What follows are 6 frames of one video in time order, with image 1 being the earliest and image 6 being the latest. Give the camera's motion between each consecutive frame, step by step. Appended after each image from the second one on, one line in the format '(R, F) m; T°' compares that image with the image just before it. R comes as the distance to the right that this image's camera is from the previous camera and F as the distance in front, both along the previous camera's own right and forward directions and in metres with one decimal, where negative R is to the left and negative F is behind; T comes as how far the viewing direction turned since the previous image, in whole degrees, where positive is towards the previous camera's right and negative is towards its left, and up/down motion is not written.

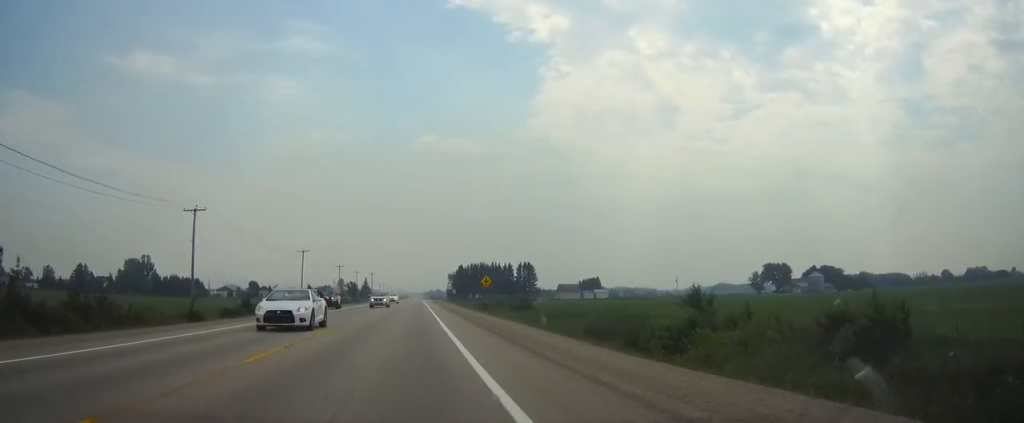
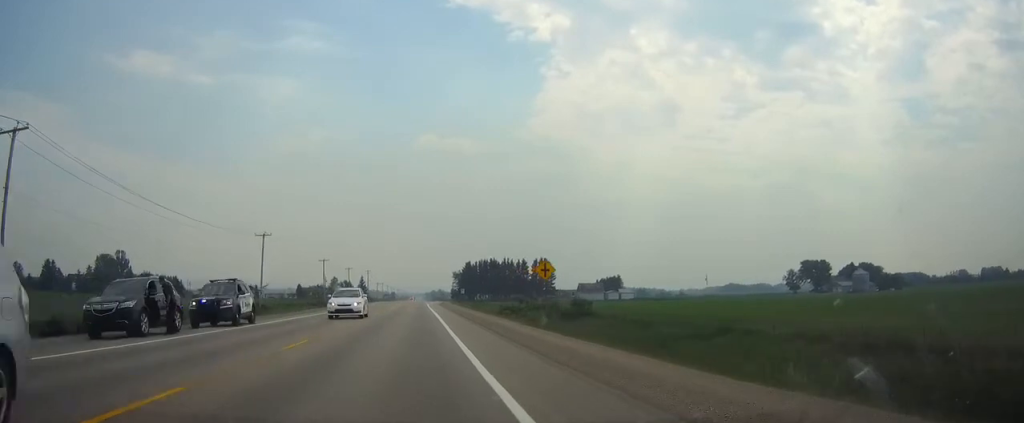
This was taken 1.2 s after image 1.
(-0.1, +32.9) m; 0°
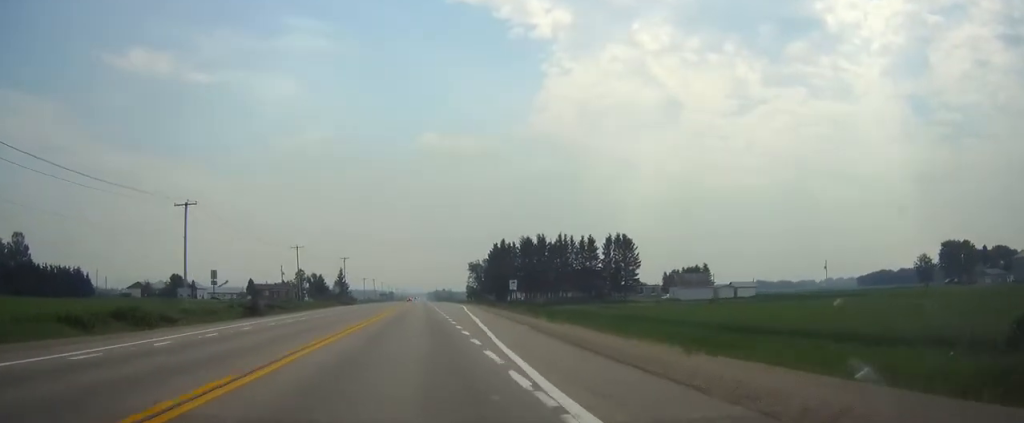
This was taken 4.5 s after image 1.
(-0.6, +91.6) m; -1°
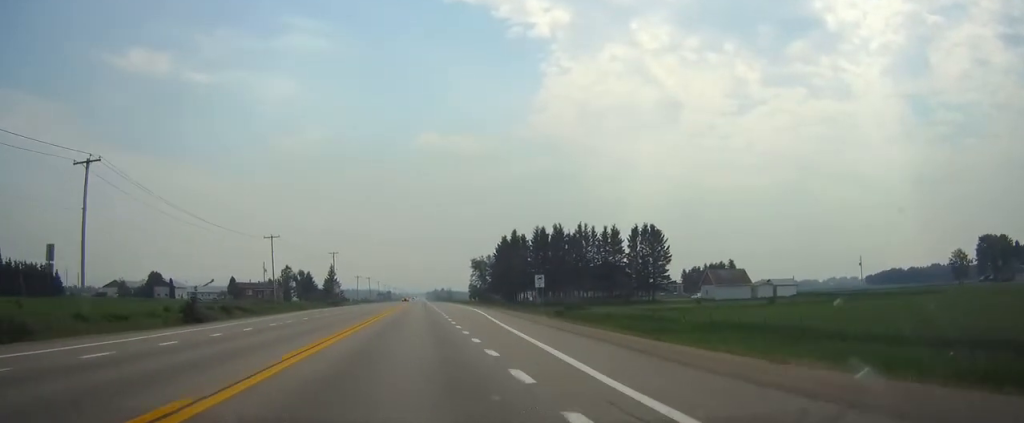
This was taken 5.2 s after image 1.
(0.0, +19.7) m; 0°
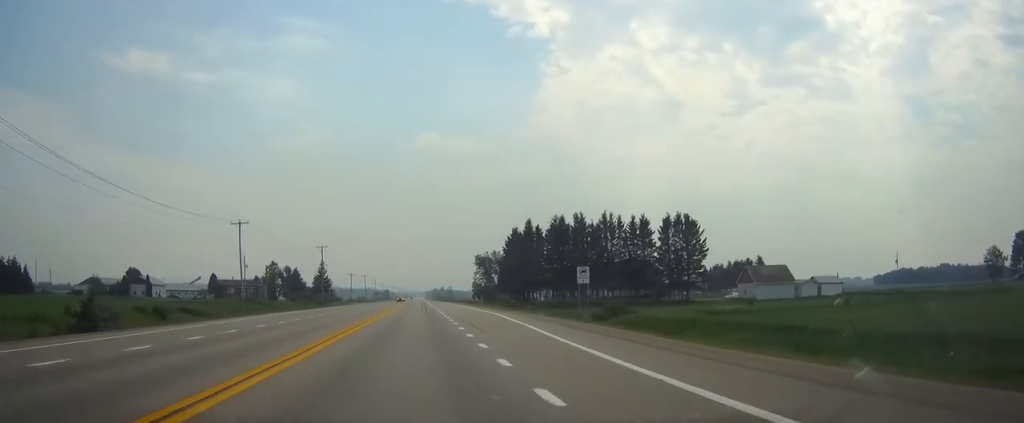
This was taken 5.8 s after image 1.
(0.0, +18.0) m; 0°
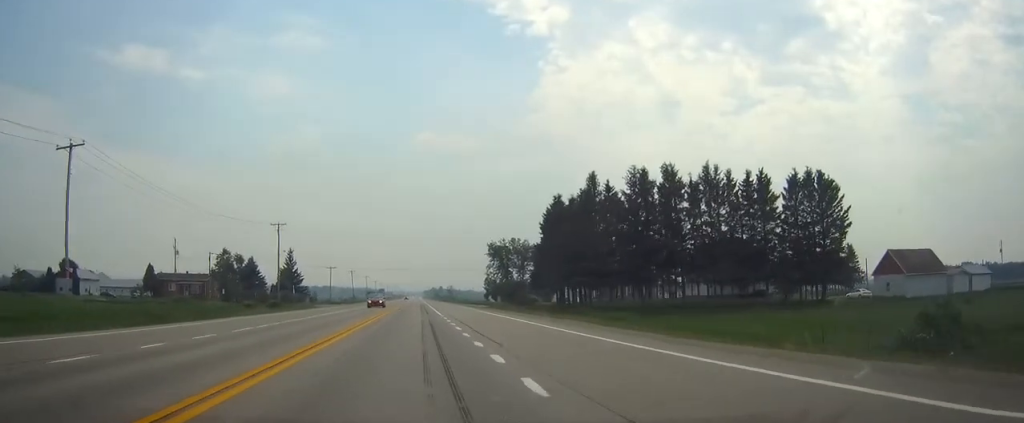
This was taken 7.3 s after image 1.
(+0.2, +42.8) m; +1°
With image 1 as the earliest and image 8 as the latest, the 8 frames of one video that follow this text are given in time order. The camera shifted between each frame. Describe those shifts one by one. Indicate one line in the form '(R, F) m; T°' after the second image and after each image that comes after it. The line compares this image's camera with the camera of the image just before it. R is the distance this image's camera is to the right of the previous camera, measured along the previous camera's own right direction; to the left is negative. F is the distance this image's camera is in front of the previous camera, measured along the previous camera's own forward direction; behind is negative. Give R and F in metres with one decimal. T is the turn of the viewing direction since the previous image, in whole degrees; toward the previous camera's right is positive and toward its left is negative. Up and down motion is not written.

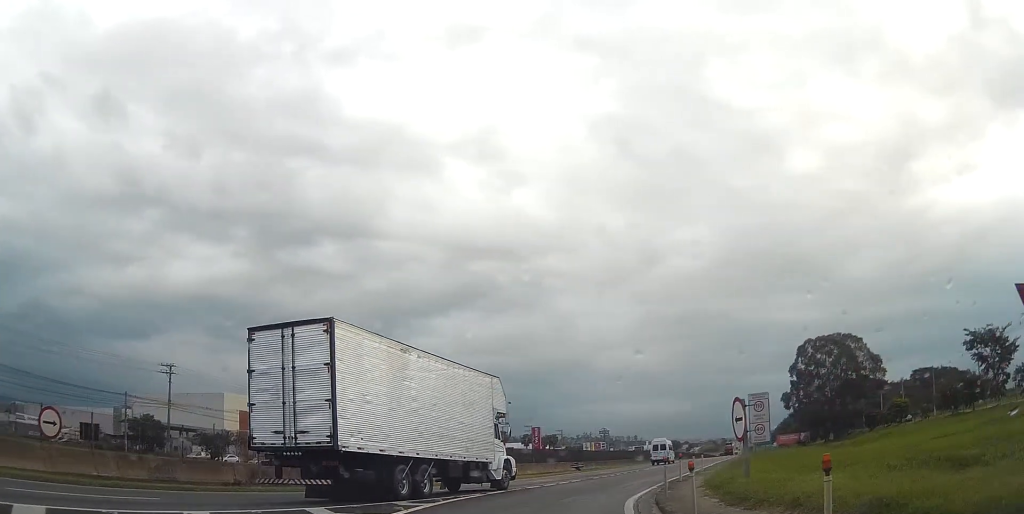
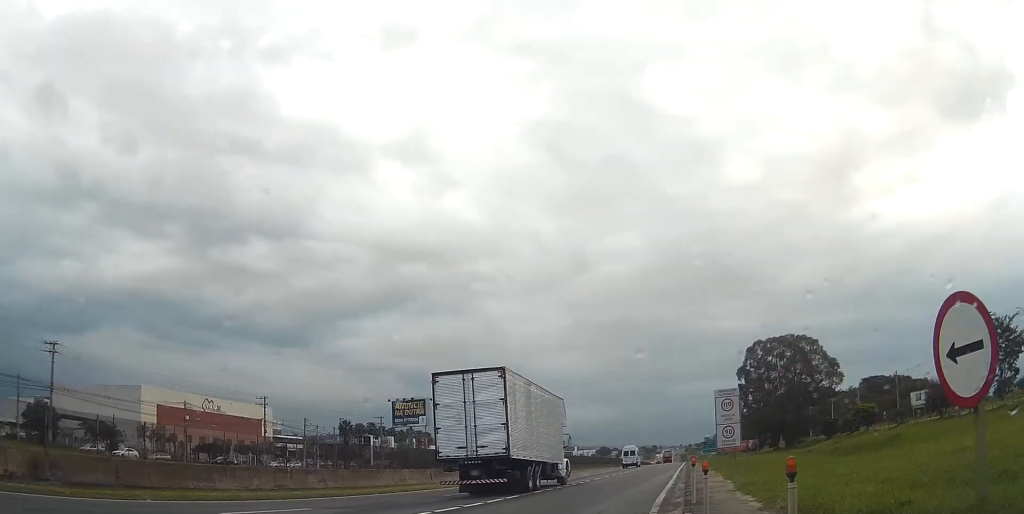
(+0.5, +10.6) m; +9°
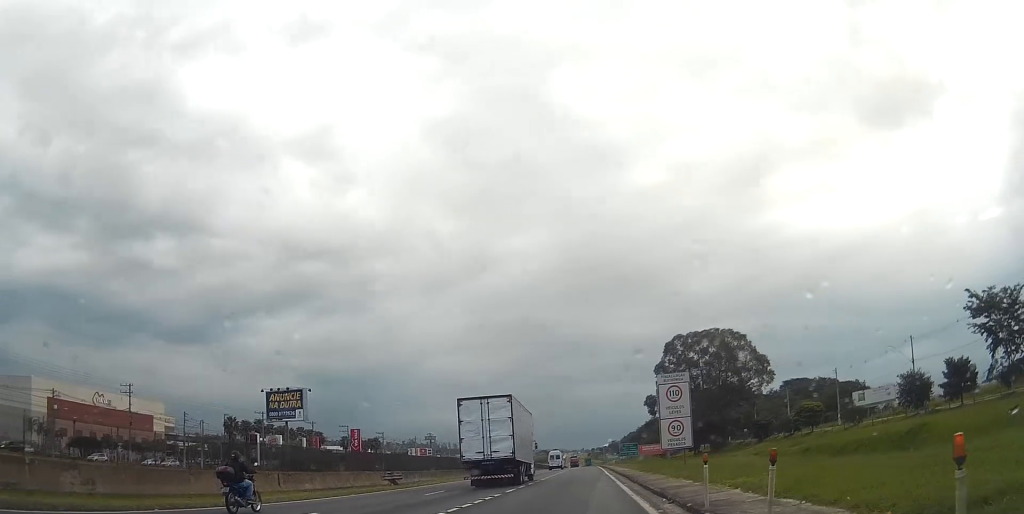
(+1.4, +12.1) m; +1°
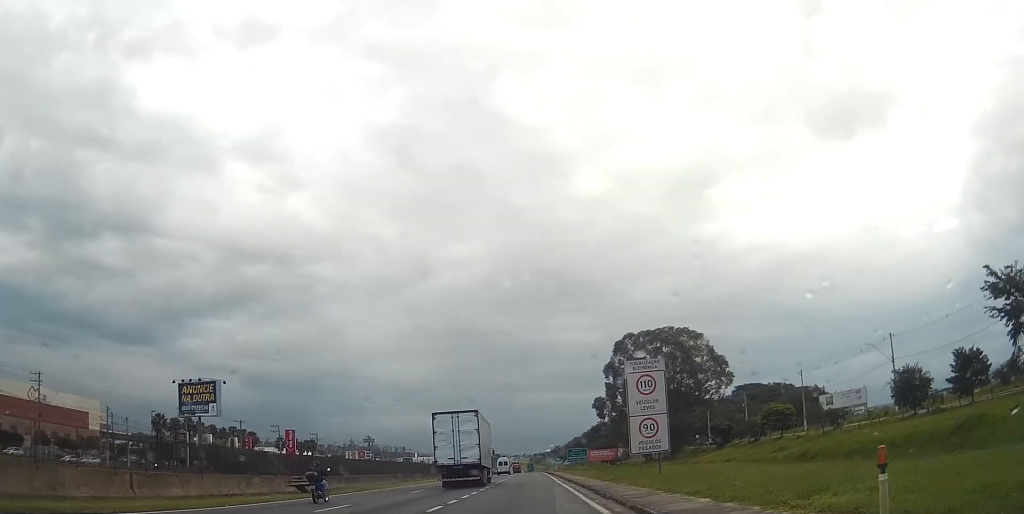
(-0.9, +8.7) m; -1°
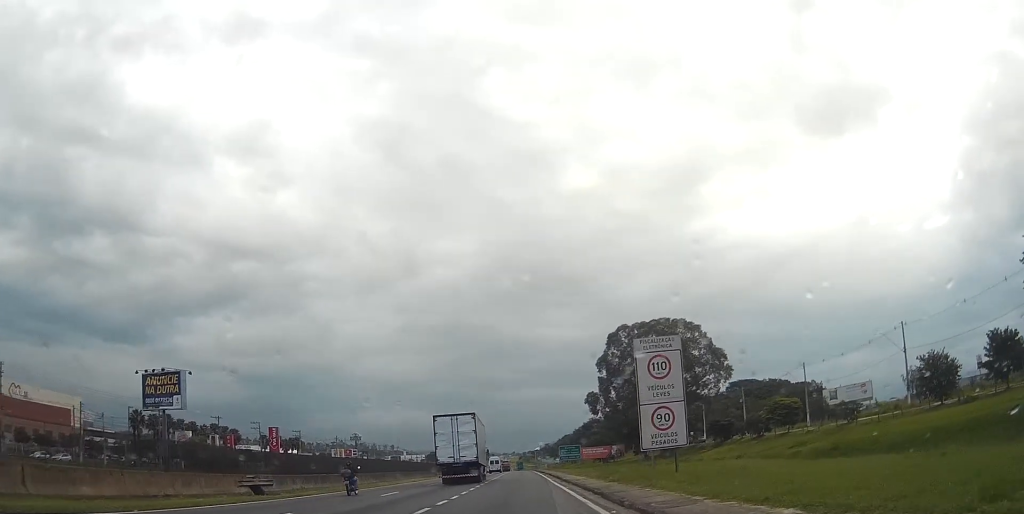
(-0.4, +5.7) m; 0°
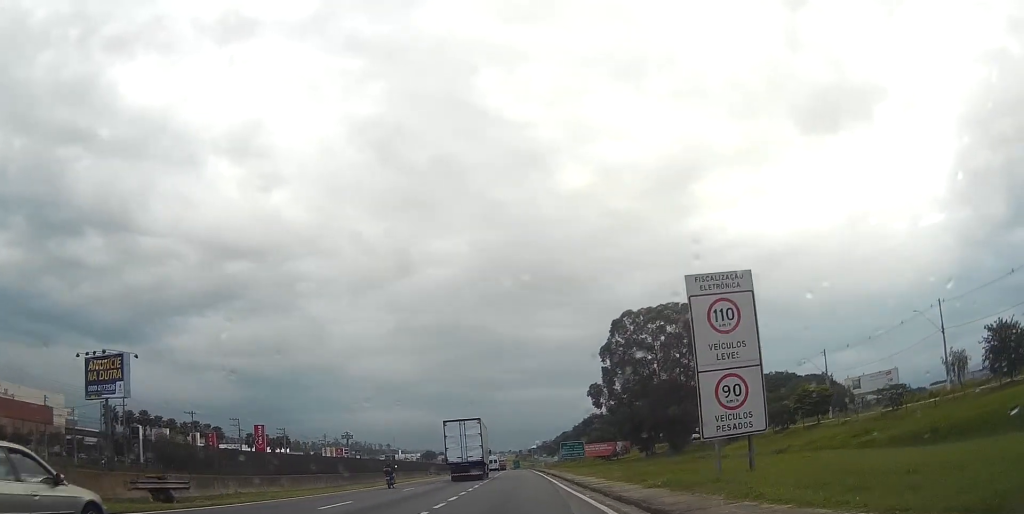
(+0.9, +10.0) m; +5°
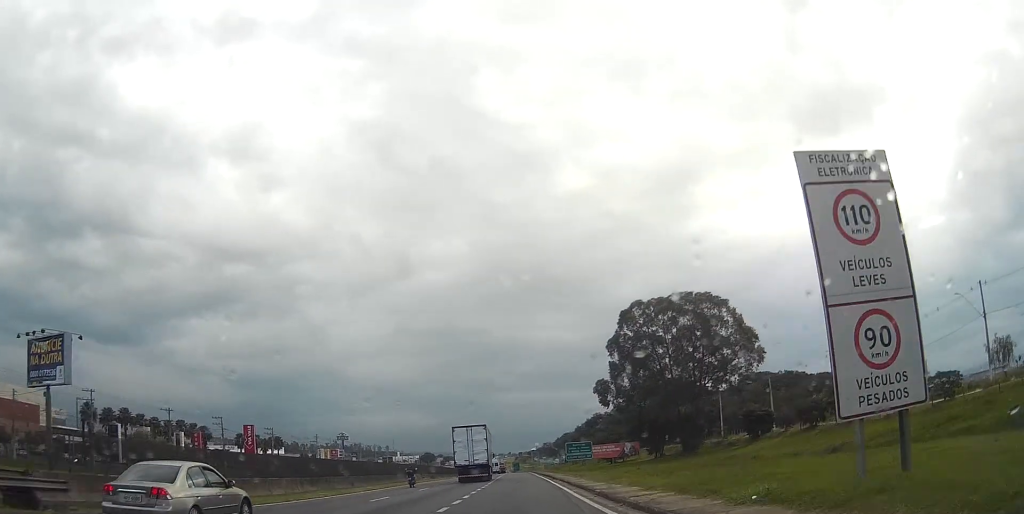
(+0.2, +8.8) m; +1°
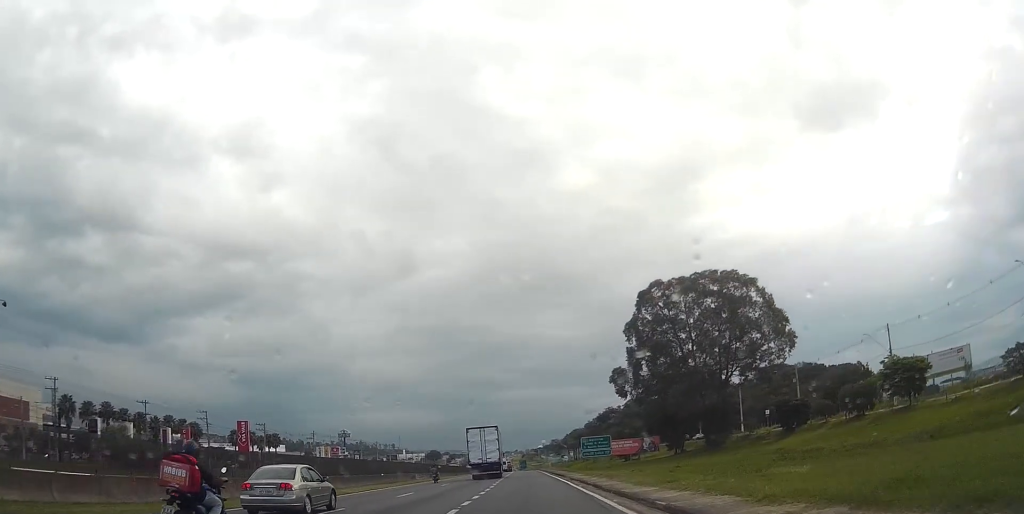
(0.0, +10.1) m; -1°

= = = = =

ACTIVITY:
Print the listing exactly, minus its pictures.

SOLUTION FOR THIS PROBLEM:
What follows are 6 frames of one video in time order, with image 1 being the earliest and image 6 being the latest. Give the camera's motion between each consecutive frame, step by step. Appended after each image from the second one on, one line in the format '(R, F) m; T°' compares that image with the image just before it. R comes as the distance to the right that this image's camera is from the previous camera and F as the distance in front, both along the previous camera's own right and forward directions and in metres with one decimal, where negative R is to the left and negative F is behind; T comes as how far the viewing direction turned since the previous image, in whole degrees, where positive is towards the previous camera's right and negative is towards its left, and up/down motion is not written.

This was taken 1.2 s after image 1.
(-0.1, +32.9) m; 0°
This was taken 4.5 s after image 1.
(-0.6, +91.6) m; -1°
This was taken 5.2 s after image 1.
(0.0, +19.7) m; 0°
This was taken 5.8 s after image 1.
(0.0, +18.0) m; 0°
This was taken 7.3 s after image 1.
(+0.2, +42.8) m; +1°
With image 1 as the earliest and image 8 as the latest, the 8 frames of one video that follow this text are given in time order. The camera shifted between each frame. Describe those shifts one by one. Indicate one line in the form '(R, F) m; T°' after the second image and after each image that comes after it. The line compares this image's camera with the camera of the image just before it. R is the distance this image's camera is to the right of the previous camera, measured along the previous camera's own right direction; to the left is negative. F is the distance this image's camera is in front of the previous camera, measured along the previous camera's own forward direction; behind is negative. Give R and F in metres with one decimal. T is the turn of the viewing direction since the previous image, in whole degrees; toward the previous camera's right is positive and toward its left is negative. Up and down motion is not written.

(+0.5, +10.6) m; +9°
(+1.4, +12.1) m; +1°
(-0.9, +8.7) m; -1°
(-0.4, +5.7) m; 0°
(+0.9, +10.0) m; +5°
(+0.2, +8.8) m; +1°
(0.0, +10.1) m; -1°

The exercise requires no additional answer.